Read Pivot (The Jack Harper Trilogy Book 1) Page 37


  Chapter 25

  SUBLIME

  He took me to a nearby pond. It was dark, but still early night, and the stars were twinkling greens and blues and whites, reflecting in the water, so that when I dipped my hand in, I caught the sky.

  Patrick told me to wait there, and he disappeared off into a wooded area. That was why I sat by the pond. I had been waiting for a while, and there were few things to do besides breathe the crystal pollen, taste the cooling air, pet the sweet grass, and whisper a song to myself.

  "It's ready," he eventually said from behind me, and I followed him. I could not see his brazen hair in the night, or his bright blue shirt, or his long gray slacks. In the dark, he looked like he could be anybody, and a bit of paranoia hit me then, as though I had been smoking, though I had not.

  I stopped walking side-by-side with him and drifted back, until he said congenially, "You better enjoy this. If you don't, I'm going to throw radishes at you." Then I was beside him again, made confident and comforted by his humor, forgetting the times Cyrus had led me into the dark. This was brand new, I remarked, and should remind me of nothing.
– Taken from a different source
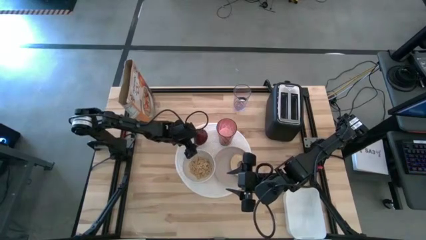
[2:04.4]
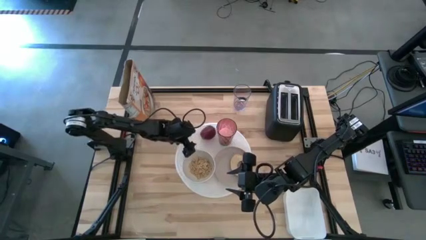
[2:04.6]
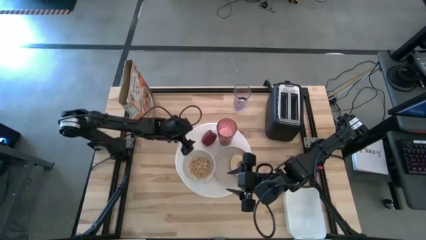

  "What a cruel thing to do, Patrick," and I would have winked if he could have seen me.

  "Aye," he replied. "I'm a badass."

  After following him not that long, I saw a glow in the distance. It was bright blue, crystalline, and pure. Then, there was another, separated just a short distance from the first. Both levitated near my height. They peeked out from between the branches like two blue eyes of an enormous velveteen panther and watched us as we neared them. What is it? I wondered.

  Finally, Patrick stopped us in what seemed a clearing, and he flicked a lighter on, began lighting candles all around, creating perhaps the worst fire hazard ever known to man. But as he lit the wicks, I could see various objects around us.

  There was a white blanket laid on the ground, a bottle of wine, a... piano. I stared in awe. The two glowing blues sat atop a black piano in lemonade pitchers. I strolled to one as he continued to put the place alight, and I lifted the decanter and spun it lightly like there was venom inside. When I swirled the liquid, it glowed brighter so that the syrup smoldered a bluer sapphire than the other pitcher on the other end of the piano. I stepped to the other one and swirled it, too. Now they were even.

  "Ah. Ah. Ah," said Patrick. I turned to him, and he motioned to the blanket. "Thou shalt not touch that just yet."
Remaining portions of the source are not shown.